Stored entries

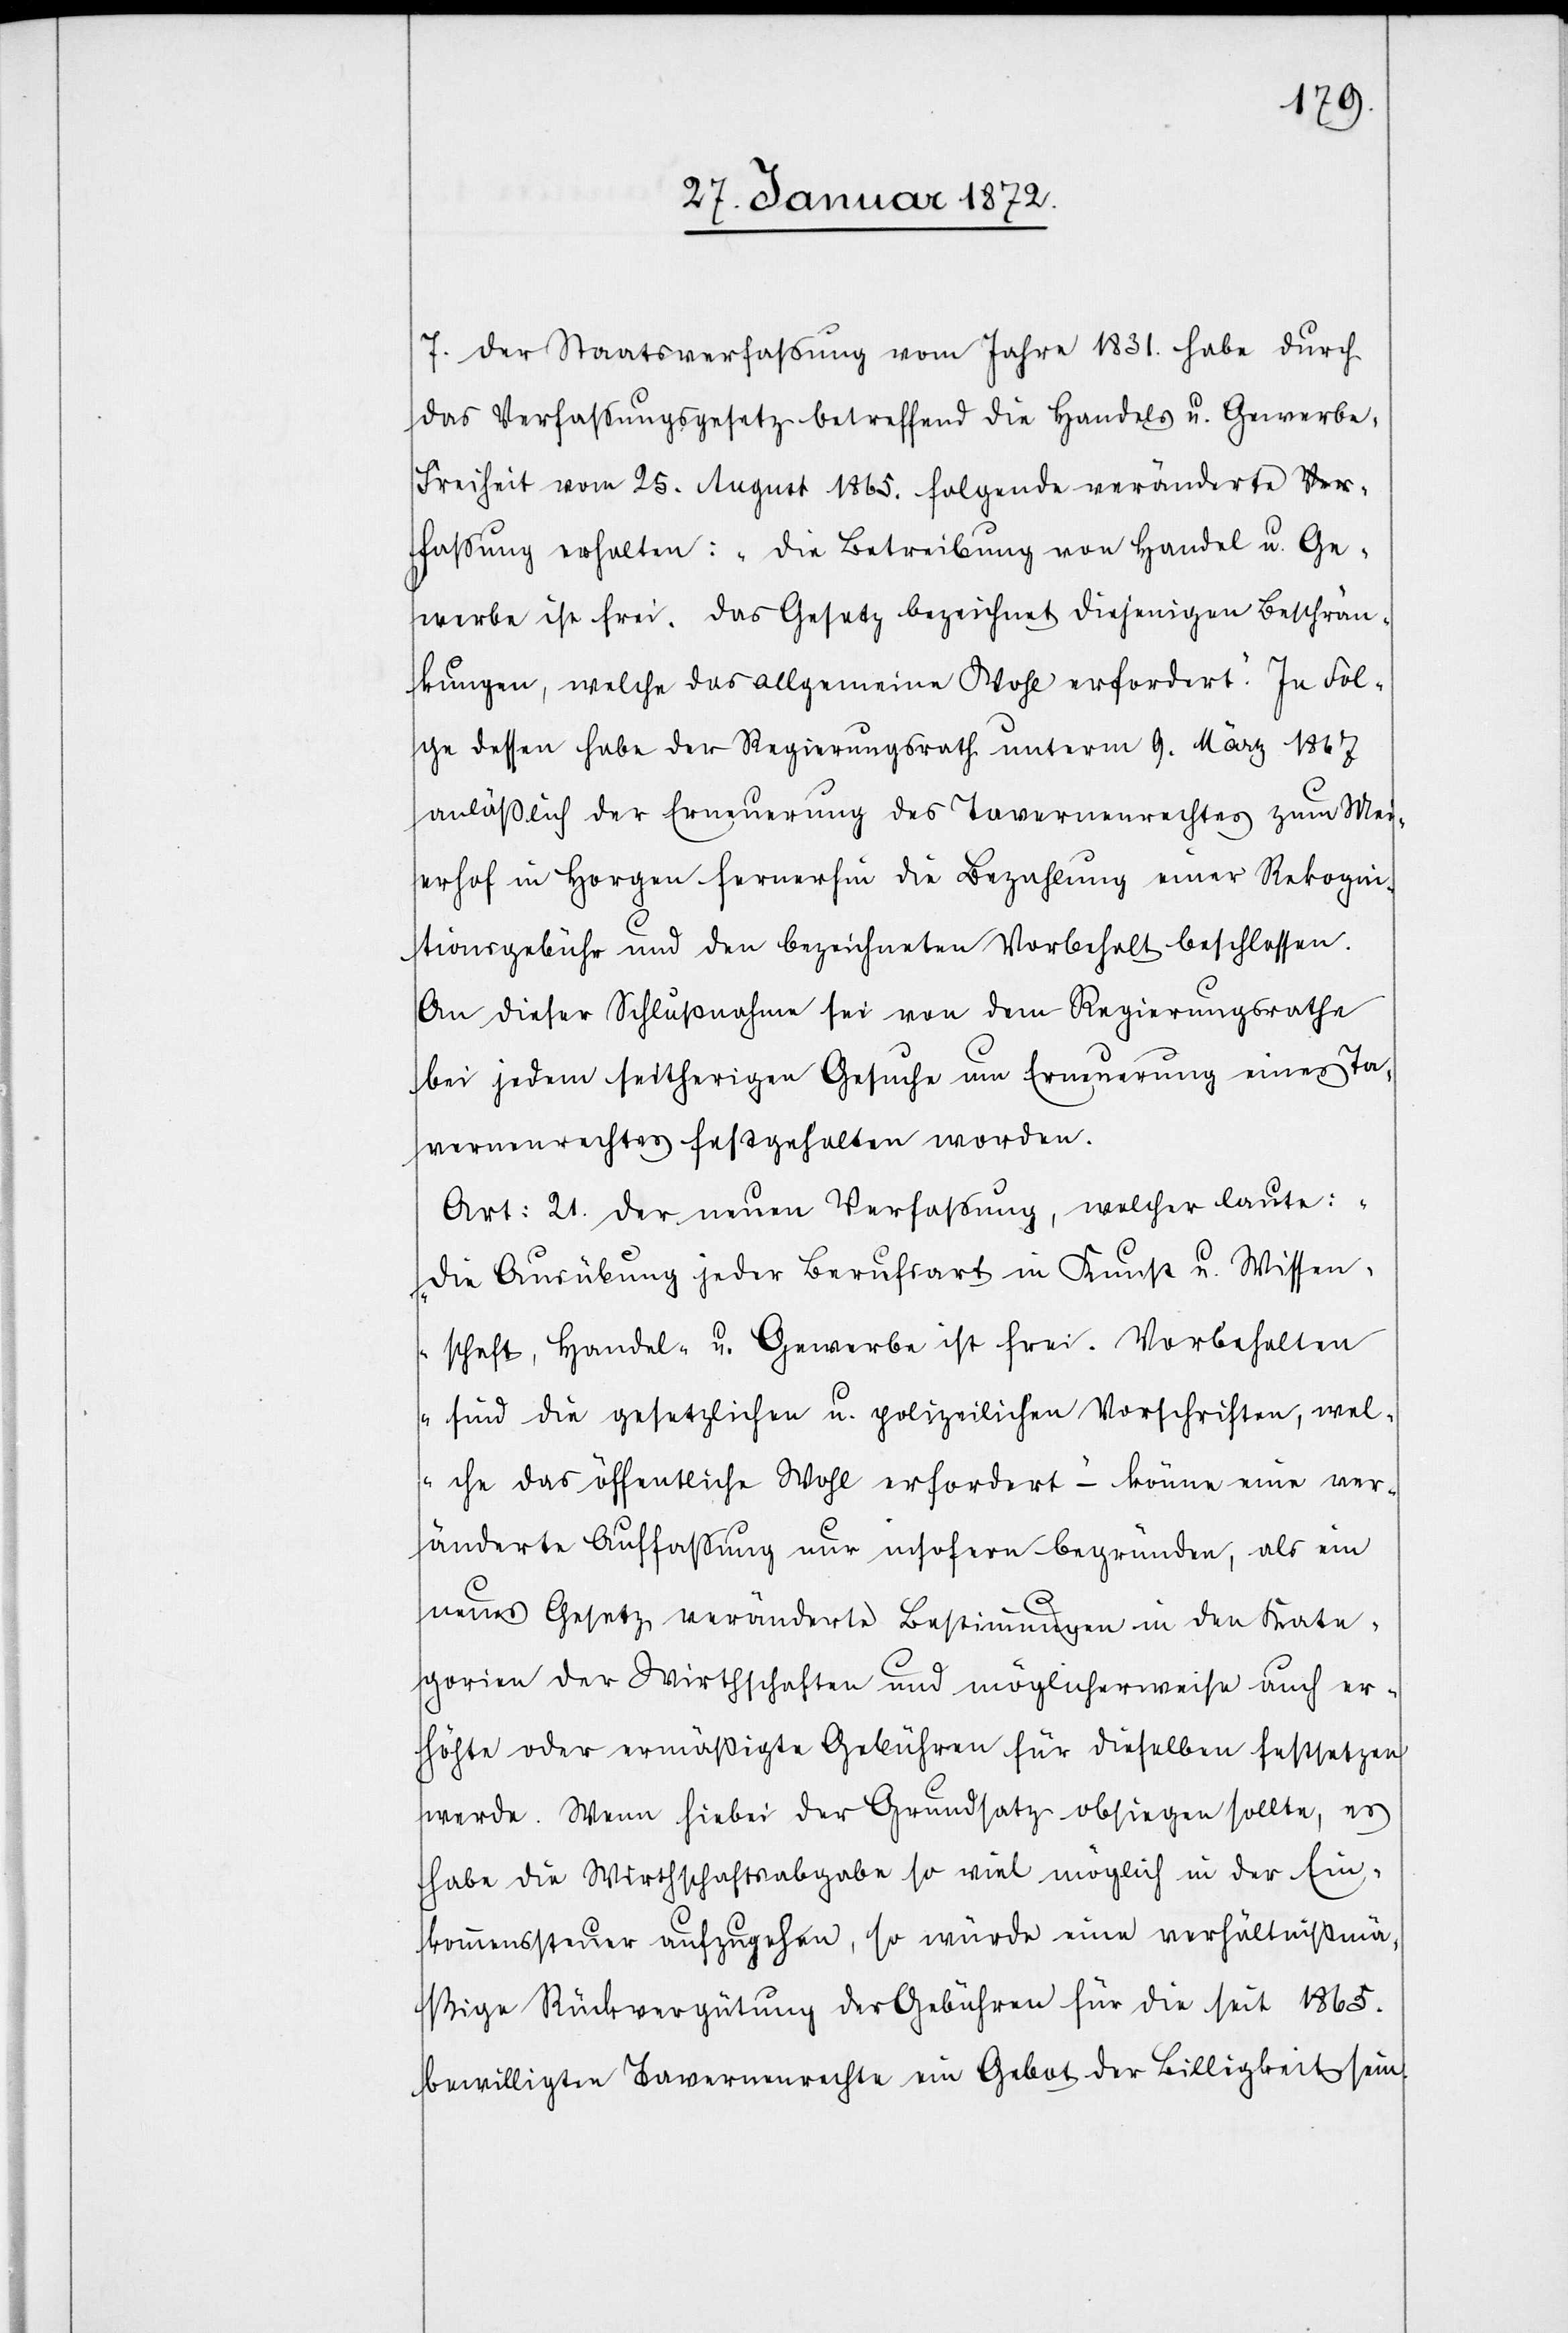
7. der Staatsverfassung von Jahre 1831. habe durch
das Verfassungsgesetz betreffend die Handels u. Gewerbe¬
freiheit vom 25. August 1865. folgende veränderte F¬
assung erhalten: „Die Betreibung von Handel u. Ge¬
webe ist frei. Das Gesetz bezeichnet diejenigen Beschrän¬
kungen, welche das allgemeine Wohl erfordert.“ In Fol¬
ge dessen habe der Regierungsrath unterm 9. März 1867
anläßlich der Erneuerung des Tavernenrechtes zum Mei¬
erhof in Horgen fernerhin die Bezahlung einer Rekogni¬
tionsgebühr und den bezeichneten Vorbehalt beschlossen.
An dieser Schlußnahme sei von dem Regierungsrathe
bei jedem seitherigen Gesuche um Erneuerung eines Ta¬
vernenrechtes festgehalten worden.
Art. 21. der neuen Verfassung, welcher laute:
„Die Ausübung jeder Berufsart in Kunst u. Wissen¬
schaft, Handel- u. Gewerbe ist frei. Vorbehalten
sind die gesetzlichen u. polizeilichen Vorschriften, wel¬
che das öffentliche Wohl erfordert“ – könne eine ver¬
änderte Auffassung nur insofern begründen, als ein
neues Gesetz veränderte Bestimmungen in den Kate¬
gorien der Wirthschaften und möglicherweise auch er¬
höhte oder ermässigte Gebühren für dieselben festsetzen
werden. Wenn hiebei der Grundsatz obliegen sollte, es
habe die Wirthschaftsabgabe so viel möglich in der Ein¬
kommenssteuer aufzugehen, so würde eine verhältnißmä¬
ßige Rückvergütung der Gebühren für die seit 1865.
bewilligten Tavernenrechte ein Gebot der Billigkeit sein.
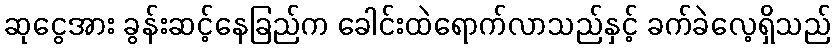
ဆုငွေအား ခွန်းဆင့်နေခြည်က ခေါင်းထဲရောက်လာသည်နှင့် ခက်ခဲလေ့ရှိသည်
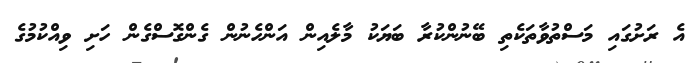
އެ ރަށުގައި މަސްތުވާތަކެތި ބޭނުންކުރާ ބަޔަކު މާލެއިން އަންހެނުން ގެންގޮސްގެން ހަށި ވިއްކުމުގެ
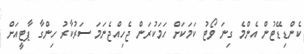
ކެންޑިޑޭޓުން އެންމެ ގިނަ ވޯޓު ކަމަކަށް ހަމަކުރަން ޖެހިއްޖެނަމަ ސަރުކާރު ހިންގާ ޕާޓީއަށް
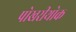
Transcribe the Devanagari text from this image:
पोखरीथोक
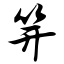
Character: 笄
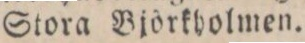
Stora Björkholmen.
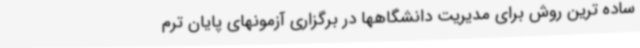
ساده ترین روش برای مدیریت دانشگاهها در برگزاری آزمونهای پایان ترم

* [YOUR TASK]: Look through the entries above and quote exactly the lines from the line with "anläßlich der Erneuerung" to the line with "Art. 21. der", counting both of those lines.

* [EXERCISE SOLUTION]:
anläßlich der Erneuerung des Tavernenrechtes zum Mei¬
erhof in Horgen fernerhin die Bezahlung einer Rekogni¬
tionsgebühr und den bezeichneten Vorbehalt beschlossen.
An dieser Schlußnahme sei von dem Regierungsrathe
bei jedem seitherigen Gesuche um Erneuerung eines Ta¬
vernenrechtes festgehalten worden.
Art. 21. der neuen Verfassung, welcher laute:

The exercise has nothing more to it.